Recorded data

*** Begin section ***

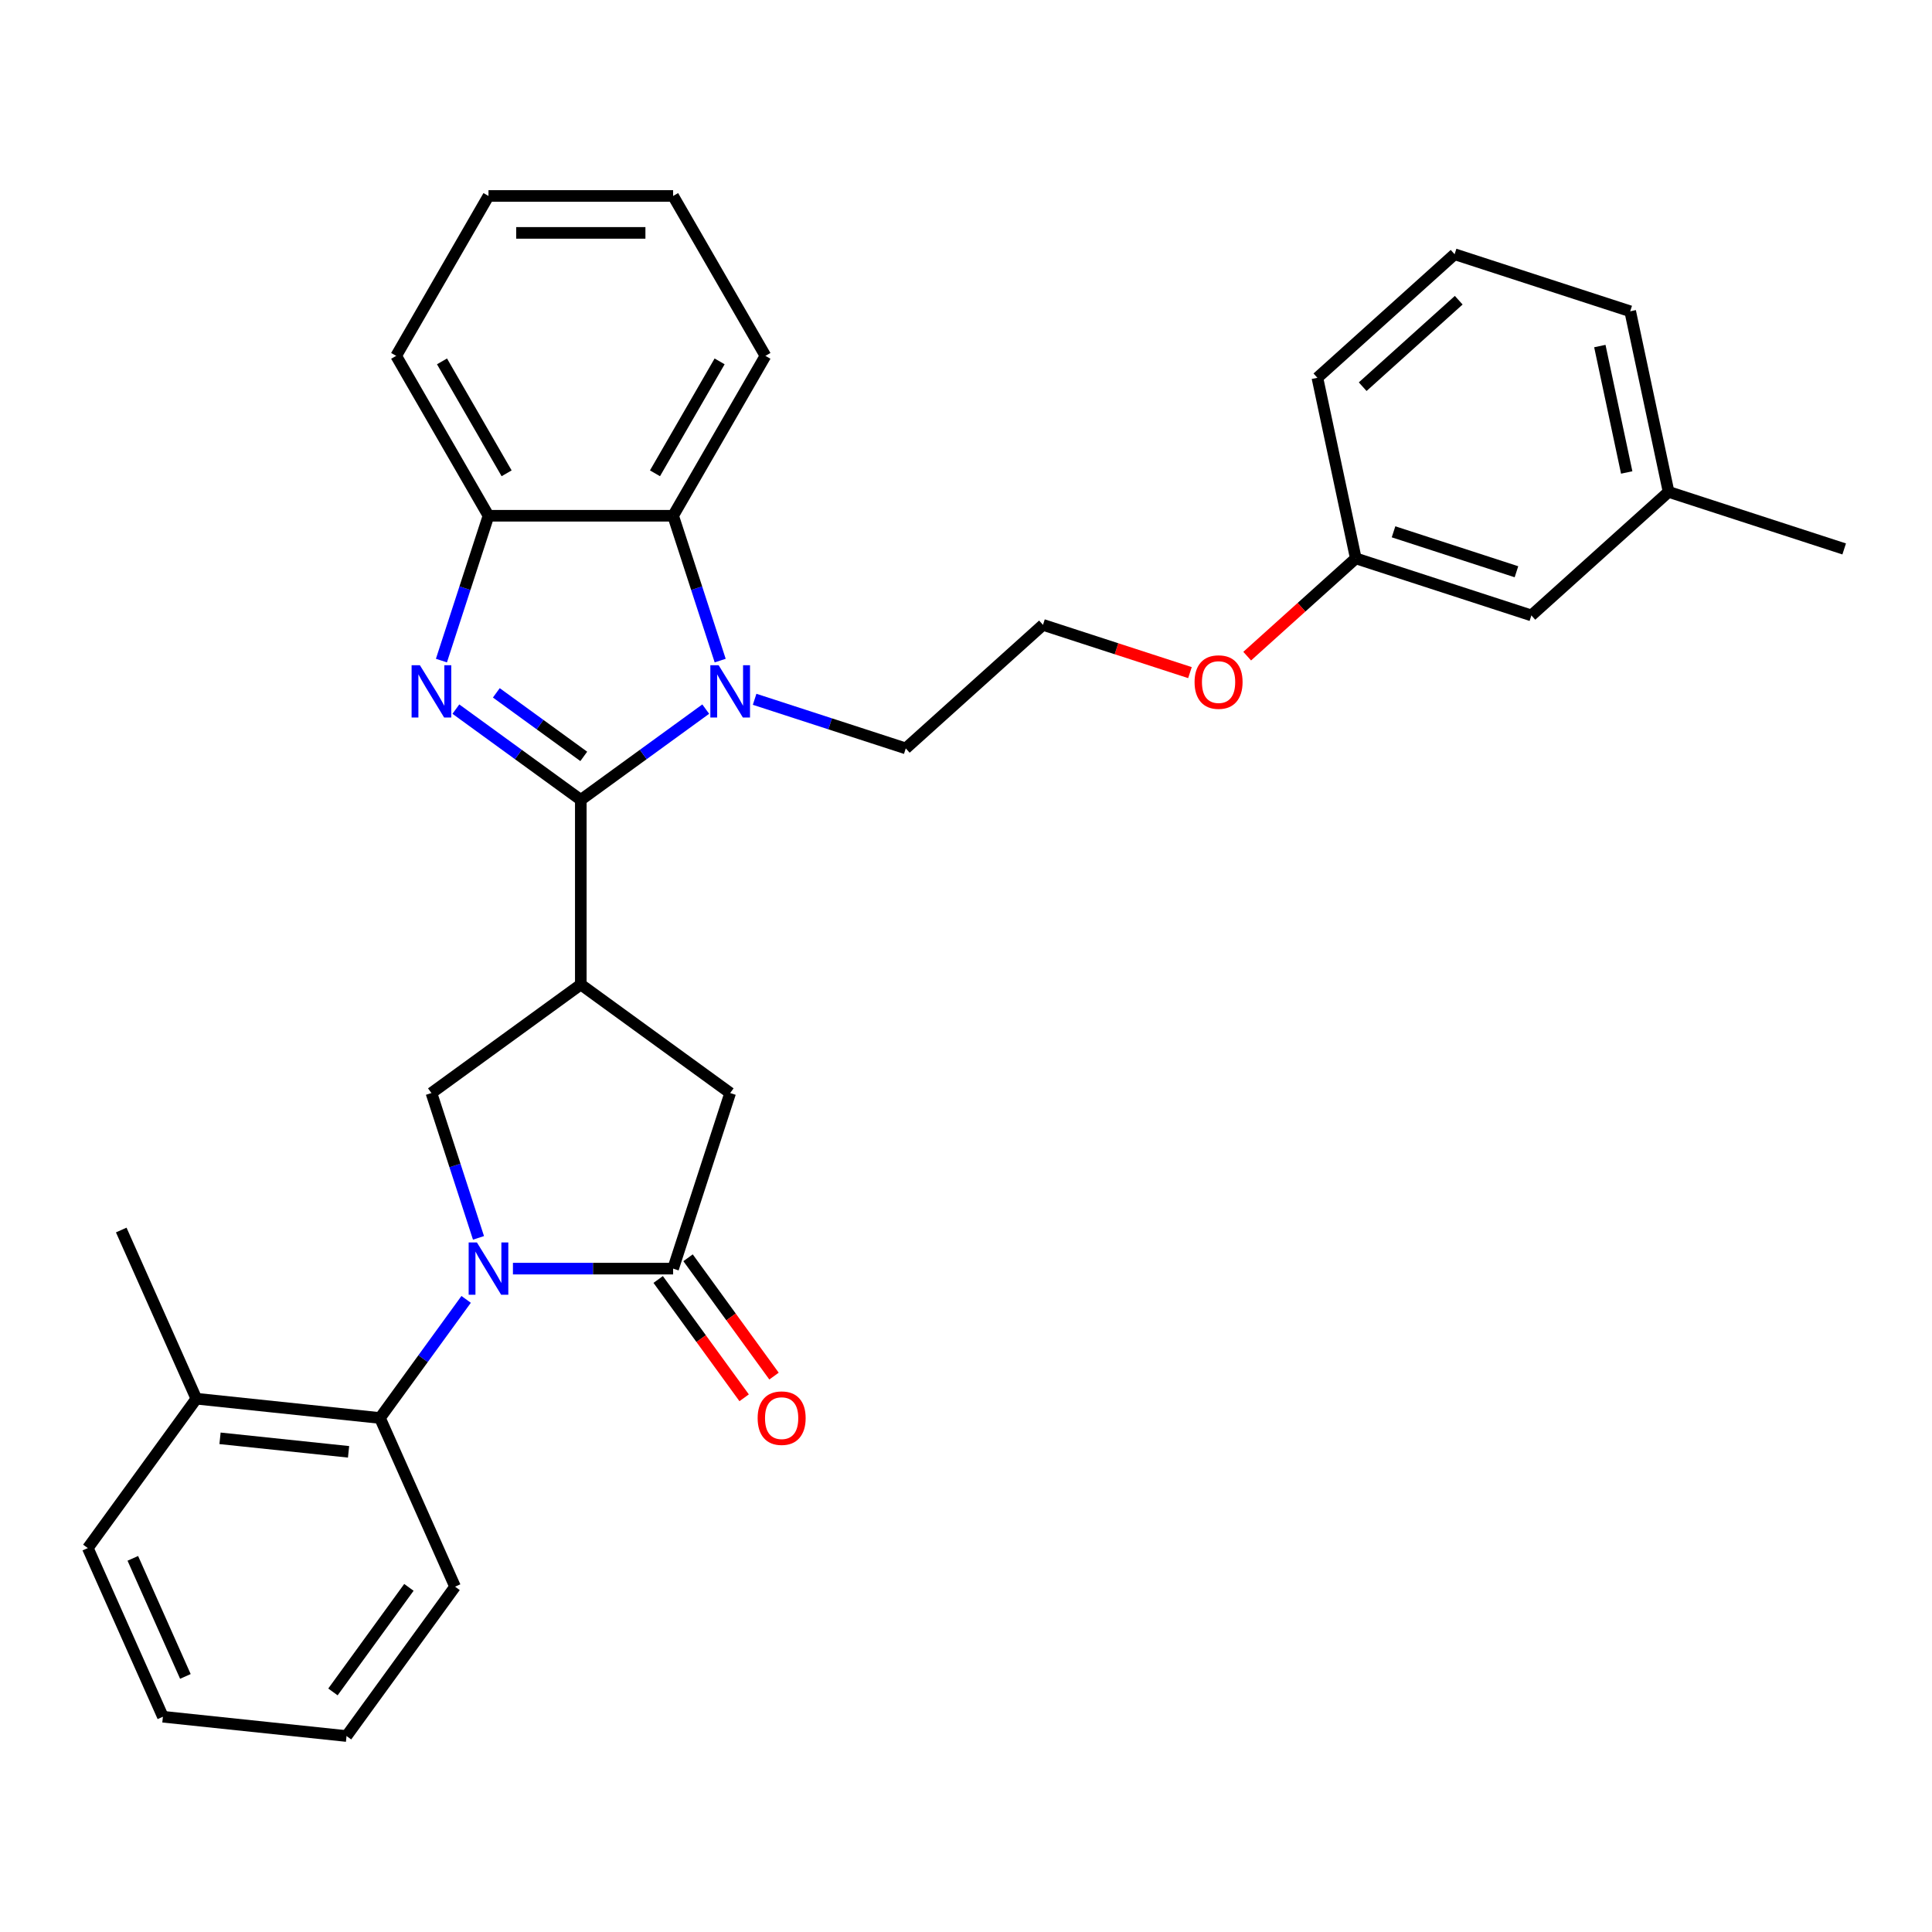 <?xml version='1.0' encoding='iso-8859-1'?>
<svg version='1.1' baseProfile='full'
              xmlns='http://www.w3.org/2000/svg'
                      xmlns:rdkit='http://www.rdkit.org/xml'
                      xmlns:xlink='http://www.w3.org/1999/xlink'
                  xml:space='preserve'
width='1000px' height='1000px' viewBox='0 0 1000 1000'>
<!-- END OF HEADER -->
<rect style='opacity:1.0;fill:#FFFFFF;stroke:none' width='1000' height='1000' x='0' y='0'> </rect>
<path class='bond-1' d='M 300.623,414.014 L 268.292,390.524' style='fill:none;fill-rule:evenodd;stroke:#000000;stroke-width:6px;stroke-linecap:butt;stroke-linejoin:miter;stroke-opacity:1' />
<path class='bond-1' d='M 268.292,390.524 L 235.962,367.035' style='fill:none;fill-rule:evenodd;stroke:#0000FF;stroke-width:6px;stroke-linecap:butt;stroke-linejoin:miter;stroke-opacity:1' />
<path class='bond-1' d='M 302.158,391.504 L 279.527,375.061' style='fill:none;fill-rule:evenodd;stroke:#000000;stroke-width:6px;stroke-linecap:butt;stroke-linejoin:miter;stroke-opacity:1' />
<path class='bond-1' d='M 279.527,375.061 L 256.895,358.619' style='fill:none;fill-rule:evenodd;stroke:#0000FF;stroke-width:6px;stroke-linecap:butt;stroke-linejoin:miter;stroke-opacity:1' />
<path class='bond-2' d='M 300.623,414.014 L 332.953,390.524' style='fill:none;fill-rule:evenodd;stroke:#000000;stroke-width:6px;stroke-linecap:butt;stroke-linejoin:miter;stroke-opacity:1' />
<path class='bond-2' d='M 332.953,390.524 L 365.284,367.035' style='fill:none;fill-rule:evenodd;stroke:#0000FF;stroke-width:6px;stroke-linecap:butt;stroke-linejoin:miter;stroke-opacity:1' />
<path class='bond-3' d='M 300.623,414.014 L 300.623,509.579' style='fill:none;fill-rule:evenodd;stroke:#000000;stroke-width:6px;stroke-linecap:butt;stroke-linejoin:miter;stroke-opacity:1' />
<path class='bond-0' d='M 247.667,640.718 L 235.488,603.234' style='fill:none;fill-rule:evenodd;stroke:#0000FF;stroke-width:6px;stroke-linecap:butt;stroke-linejoin:miter;stroke-opacity:1' />
<path class='bond-0' d='M 235.488,603.234 L 223.309,565.751' style='fill:none;fill-rule:evenodd;stroke:#000000;stroke-width:6px;stroke-linecap:butt;stroke-linejoin:miter;stroke-opacity:1' />
<path class='bond-8' d='M 241.273,672.56 L 218.97,703.257' style='fill:none;fill-rule:evenodd;stroke:#0000FF;stroke-width:6px;stroke-linecap:butt;stroke-linejoin:miter;stroke-opacity:1' />
<path class='bond-8' d='M 218.97,703.257 L 196.668,733.953' style='fill:none;fill-rule:evenodd;stroke:#000000;stroke-width:6px;stroke-linecap:butt;stroke-linejoin:miter;stroke-opacity:1' />
<path class='bond-32' d='M 265.493,656.639 L 306.949,656.639' style='fill:none;fill-rule:evenodd;stroke:#0000FF;stroke-width:6px;stroke-linecap:butt;stroke-linejoin:miter;stroke-opacity:1' />
<path class='bond-32' d='M 306.949,656.639 L 348.405,656.639' style='fill:none;fill-rule:evenodd;stroke:#000000;stroke-width:6px;stroke-linecap:butt;stroke-linejoin:miter;stroke-opacity:1' />
<path class='bond-7' d='M 228.482,341.921 L 240.661,304.437' style='fill:none;fill-rule:evenodd;stroke:#0000FF;stroke-width:6px;stroke-linecap:butt;stroke-linejoin:miter;stroke-opacity:1' />
<path class='bond-7' d='M 240.661,304.437 L 252.84,266.954' style='fill:none;fill-rule:evenodd;stroke:#000000;stroke-width:6px;stroke-linecap:butt;stroke-linejoin:miter;stroke-opacity:1' />
<path class='bond-6' d='M 372.764,341.921 L 360.585,304.437' style='fill:none;fill-rule:evenodd;stroke:#0000FF;stroke-width:6px;stroke-linecap:butt;stroke-linejoin:miter;stroke-opacity:1' />
<path class='bond-6' d='M 360.585,304.437 L 348.405,266.954' style='fill:none;fill-rule:evenodd;stroke:#000000;stroke-width:6px;stroke-linecap:butt;stroke-linejoin:miter;stroke-opacity:1' />
<path class='bond-12' d='M 390.59,361.953 L 429.707,374.663' style='fill:none;fill-rule:evenodd;stroke:#0000FF;stroke-width:6px;stroke-linecap:butt;stroke-linejoin:miter;stroke-opacity:1' />
<path class='bond-12' d='M 429.707,374.663 L 468.825,387.373' style='fill:none;fill-rule:evenodd;stroke:#000000;stroke-width:6px;stroke-linecap:butt;stroke-linejoin:miter;stroke-opacity:1' />
<path class='bond-5' d='M 300.623,509.579 L 223.309,565.751' style='fill:none;fill-rule:evenodd;stroke:#000000;stroke-width:6px;stroke-linecap:butt;stroke-linejoin:miter;stroke-opacity:1' />
<path class='bond-9' d='M 300.623,509.579 L 377.937,565.751' style='fill:none;fill-rule:evenodd;stroke:#000000;stroke-width:6px;stroke-linecap:butt;stroke-linejoin:miter;stroke-opacity:1' />
<path class='bond-4' d='M 348.405,656.639 L 377.937,565.751' style='fill:none;fill-rule:evenodd;stroke:#000000;stroke-width:6px;stroke-linecap:butt;stroke-linejoin:miter;stroke-opacity:1' />
<path class='bond-10' d='M 340.674,662.256 L 362.921,692.876' style='fill:none;fill-rule:evenodd;stroke:#000000;stroke-width:6px;stroke-linecap:butt;stroke-linejoin:miter;stroke-opacity:1' />
<path class='bond-10' d='M 362.921,692.876 L 385.167,723.496' style='fill:none;fill-rule:evenodd;stroke:#FF0000;stroke-width:6px;stroke-linecap:butt;stroke-linejoin:miter;stroke-opacity:1' />
<path class='bond-10' d='M 356.137,651.022 L 378.384,681.642' style='fill:none;fill-rule:evenodd;stroke:#000000;stroke-width:6px;stroke-linecap:butt;stroke-linejoin:miter;stroke-opacity:1' />
<path class='bond-10' d='M 378.384,681.642 L 400.63,712.262' style='fill:none;fill-rule:evenodd;stroke:#FF0000;stroke-width:6px;stroke-linecap:butt;stroke-linejoin:miter;stroke-opacity:1' />
<path class='bond-18' d='M 348.405,266.954 L 396.188,184.192' style='fill:none;fill-rule:evenodd;stroke:#000000;stroke-width:6px;stroke-linecap:butt;stroke-linejoin:miter;stroke-opacity:1' />
<path class='bond-18' d='M 339.02,244.983 L 372.468,187.05' style='fill:none;fill-rule:evenodd;stroke:#000000;stroke-width:6px;stroke-linecap:butt;stroke-linejoin:miter;stroke-opacity:1' />
<path class='bond-31' d='M 348.405,266.954 L 252.84,266.954' style='fill:none;fill-rule:evenodd;stroke:#000000;stroke-width:6px;stroke-linecap:butt;stroke-linejoin:miter;stroke-opacity:1' />
<path class='bond-20' d='M 252.84,266.954 L 205.057,184.192' style='fill:none;fill-rule:evenodd;stroke:#000000;stroke-width:6px;stroke-linecap:butt;stroke-linejoin:miter;stroke-opacity:1' />
<path class='bond-20' d='M 262.225,244.983 L 228.777,187.05' style='fill:none;fill-rule:evenodd;stroke:#000000;stroke-width:6px;stroke-linecap:butt;stroke-linejoin:miter;stroke-opacity:1' />
<path class='bond-11' d='M 196.668,733.953 L 101.626,723.964' style='fill:none;fill-rule:evenodd;stroke:#000000;stroke-width:6px;stroke-linecap:butt;stroke-linejoin:miter;stroke-opacity:1' />
<path class='bond-11' d='M 180.414,751.463 L 113.885,744.47' style='fill:none;fill-rule:evenodd;stroke:#000000;stroke-width:6px;stroke-linecap:butt;stroke-linejoin:miter;stroke-opacity:1' />
<path class='bond-19' d='M 196.668,733.953 L 235.538,821.256' style='fill:none;fill-rule:evenodd;stroke:#000000;stroke-width:6px;stroke-linecap:butt;stroke-linejoin:miter;stroke-opacity:1' />
<path class='bond-22' d='M 101.626,723.964 L 62.757,636.66' style='fill:none;fill-rule:evenodd;stroke:#000000;stroke-width:6px;stroke-linecap:butt;stroke-linejoin:miter;stroke-opacity:1' />
<path class='bond-23' d='M 101.626,723.964 L 45.455,801.278' style='fill:none;fill-rule:evenodd;stroke:#000000;stroke-width:6px;stroke-linecap:butt;stroke-linejoin:miter;stroke-opacity:1' />
<path class='bond-17' d='M 468.825,387.373 L 539.844,323.427' style='fill:none;fill-rule:evenodd;stroke:#000000;stroke-width:6px;stroke-linecap:butt;stroke-linejoin:miter;stroke-opacity:1' />
<path class='bond-13' d='M 792.639,318.544 L 701.751,289.013' style='fill:none;fill-rule:evenodd;stroke:#000000;stroke-width:6px;stroke-linecap:butt;stroke-linejoin:miter;stroke-opacity:1' />
<path class='bond-13' d='M 784.912,295.937 L 721.29,275.265' style='fill:none;fill-rule:evenodd;stroke:#000000;stroke-width:6px;stroke-linecap:butt;stroke-linejoin:miter;stroke-opacity:1' />
<path class='bond-15' d='M 792.639,318.544 L 863.657,254.599' style='fill:none;fill-rule:evenodd;stroke:#000000;stroke-width:6px;stroke-linecap:butt;stroke-linejoin:miter;stroke-opacity:1' />
<path class='bond-14' d='M 701.751,289.013 L 673.647,314.317' style='fill:none;fill-rule:evenodd;stroke:#000000;stroke-width:6px;stroke-linecap:butt;stroke-linejoin:miter;stroke-opacity:1' />
<path class='bond-14' d='M 673.647,314.317 L 645.544,339.621' style='fill:none;fill-rule:evenodd;stroke:#FF0000;stroke-width:6px;stroke-linecap:butt;stroke-linejoin:miter;stroke-opacity:1' />
<path class='bond-24' d='M 701.751,289.013 L 681.881,195.536' style='fill:none;fill-rule:evenodd;stroke:#000000;stroke-width:6px;stroke-linecap:butt;stroke-linejoin:miter;stroke-opacity:1' />
<path class='bond-26' d='M 863.657,254.599 L 954.545,284.13' style='fill:none;fill-rule:evenodd;stroke:#000000;stroke-width:6px;stroke-linecap:butt;stroke-linejoin:miter;stroke-opacity:1' />
<path class='bond-35' d='M 863.657,254.599 L 843.788,161.122' style='fill:none;fill-rule:evenodd;stroke:#000000;stroke-width:6px;stroke-linecap:butt;stroke-linejoin:miter;stroke-opacity:1' />
<path class='bond-35' d='M 841.982,244.551 L 828.073,179.117' style='fill:none;fill-rule:evenodd;stroke:#000000;stroke-width:6px;stroke-linecap:butt;stroke-linejoin:miter;stroke-opacity:1' />
<path class='bond-16' d='M 615.919,348.146 L 577.881,335.787' style='fill:none;fill-rule:evenodd;stroke:#FF0000;stroke-width:6px;stroke-linecap:butt;stroke-linejoin:miter;stroke-opacity:1' />
<path class='bond-16' d='M 577.881,335.787 L 539.844,323.427' style='fill:none;fill-rule:evenodd;stroke:#000000;stroke-width:6px;stroke-linecap:butt;stroke-linejoin:miter;stroke-opacity:1' />
<path class='bond-27' d='M 396.188,184.192 L 348.405,101.43' style='fill:none;fill-rule:evenodd;stroke:#000000;stroke-width:6px;stroke-linecap:butt;stroke-linejoin:miter;stroke-opacity:1' />
<path class='bond-28' d='M 235.538,821.256 L 179.366,898.57' style='fill:none;fill-rule:evenodd;stroke:#000000;stroke-width:6px;stroke-linecap:butt;stroke-linejoin:miter;stroke-opacity:1' />
<path class='bond-28' d='M 211.65,821.619 L 172.329,875.739' style='fill:none;fill-rule:evenodd;stroke:#000000;stroke-width:6px;stroke-linecap:butt;stroke-linejoin:miter;stroke-opacity:1' />
<path class='bond-29' d='M 205.057,184.192 L 252.84,101.43' style='fill:none;fill-rule:evenodd;stroke:#000000;stroke-width:6px;stroke-linecap:butt;stroke-linejoin:miter;stroke-opacity:1' />
<path class='bond-21' d='M 752.9,131.59 L 681.881,195.536' style='fill:none;fill-rule:evenodd;stroke:#000000;stroke-width:6px;stroke-linecap:butt;stroke-linejoin:miter;stroke-opacity:1' />
<path class='bond-21' d='M 755.037,155.386 L 705.323,200.148' style='fill:none;fill-rule:evenodd;stroke:#000000;stroke-width:6px;stroke-linecap:butt;stroke-linejoin:miter;stroke-opacity:1' />
<path class='bond-25' d='M 752.9,131.59 L 843.788,161.122' style='fill:none;fill-rule:evenodd;stroke:#000000;stroke-width:6px;stroke-linecap:butt;stroke-linejoin:miter;stroke-opacity:1' />
<path class='bond-34' d='M 45.455,801.278 L 84.325,888.581' style='fill:none;fill-rule:evenodd;stroke:#000000;stroke-width:6px;stroke-linecap:butt;stroke-linejoin:miter;stroke-opacity:1' />
<path class='bond-34' d='M 68.746,806.599 L 95.955,867.711' style='fill:none;fill-rule:evenodd;stroke:#000000;stroke-width:6px;stroke-linecap:butt;stroke-linejoin:miter;stroke-opacity:1' />
<path class='bond-33' d='M 348.405,101.43 L 252.84,101.43' style='fill:none;fill-rule:evenodd;stroke:#000000;stroke-width:6px;stroke-linecap:butt;stroke-linejoin:miter;stroke-opacity:1' />
<path class='bond-33' d='M 334.071,120.543 L 267.175,120.543' style='fill:none;fill-rule:evenodd;stroke:#000000;stroke-width:6px;stroke-linecap:butt;stroke-linejoin:miter;stroke-opacity:1' />
<path class='bond-30' d='M 179.366,898.57 L 84.325,888.581' style='fill:none;fill-rule:evenodd;stroke:#000000;stroke-width:6px;stroke-linecap:butt;stroke-linejoin:miter;stroke-opacity:1' />
<path  class='atom-1' d='M 246.858 643.107
L 255.726 657.442
Q 256.605 658.856, 258.02 661.417
Q 259.434 663.978, 259.511 664.131
L 259.511 643.107
L 263.104 643.107
L 263.104 670.171
L 259.396 670.171
L 249.878 654.498
Q 248.769 652.663, 247.584 650.561
Q 246.437 648.459, 246.093 647.809
L 246.093 670.171
L 242.576 670.171
L 242.576 643.107
L 246.858 643.107
' fill='#0000FF'/>
<path  class='atom-2' d='M 217.326 344.31
L 226.195 358.645
Q 227.074 360.059, 228.488 362.62
Q 229.903 365.181, 229.979 365.334
L 229.979 344.31
L 233.573 344.31
L 233.573 371.374
L 229.865 371.374
L 220.346 355.701
Q 219.238 353.866, 218.053 351.764
Q 216.906 349.661, 216.562 349.012
L 216.562 371.374
L 213.045 371.374
L 213.045 344.31
L 217.326 344.31
' fill='#0000FF'/>
<path  class='atom-3' d='M 371.954 344.31
L 380.823 358.645
Q 381.702 360.059, 383.116 362.62
Q 384.531 365.181, 384.607 365.334
L 384.607 344.31
L 388.2 344.31
L 388.2 371.374
L 384.493 371.374
L 374.974 355.701
Q 373.866 353.866, 372.681 351.764
Q 371.534 349.661, 371.19 349.012
L 371.19 371.374
L 367.673 371.374
L 367.673 344.31
L 371.954 344.31
' fill='#0000FF'/>
<path  class='atom-11' d='M 392.154 734.029
Q 392.154 727.531, 395.365 723.899
Q 398.576 720.268, 404.577 720.268
Q 410.579 720.268, 413.79 723.899
Q 417.001 727.531, 417.001 734.029
Q 417.001 740.604, 413.752 744.35
Q 410.502 748.058, 404.577 748.058
Q 398.614 748.058, 395.365 744.35
Q 392.154 740.643, 392.154 734.029
M 404.577 745
Q 408.706 745, 410.923 742.248
Q 413.178 739.457, 413.178 734.029
Q 413.178 728.716, 410.923 726.04
Q 408.706 723.326, 404.577 723.326
Q 400.449 723.326, 398.194 726.002
Q 395.976 728.678, 395.976 734.029
Q 395.976 739.496, 398.194 742.248
Q 400.449 745, 404.577 745
' fill='#FF0000'/>
<path  class='atom-17' d='M 618.308 353.035
Q 618.308 346.537, 621.519 342.905
Q 624.73 339.274, 630.732 339.274
Q 636.733 339.274, 639.944 342.905
Q 643.155 346.537, 643.155 353.035
Q 643.155 359.61, 639.906 363.356
Q 636.657 367.064, 630.732 367.064
Q 624.768 367.064, 621.519 363.356
Q 618.308 359.648, 618.308 353.035
M 630.732 364.006
Q 634.86 364.006, 637.077 361.254
Q 639.333 358.463, 639.333 353.035
Q 639.333 347.722, 637.077 345.046
Q 634.86 342.332, 630.732 342.332
Q 626.603 342.332, 624.348 345.008
Q 622.131 347.684, 622.131 353.035
Q 622.131 358.502, 624.348 361.254
Q 626.603 364.006, 630.732 364.006
' fill='#FF0000'/>
</svg>

*** End section ***

From the data above, count the lines that contain "xmlns" and write only that count.

- [Answer below]:
3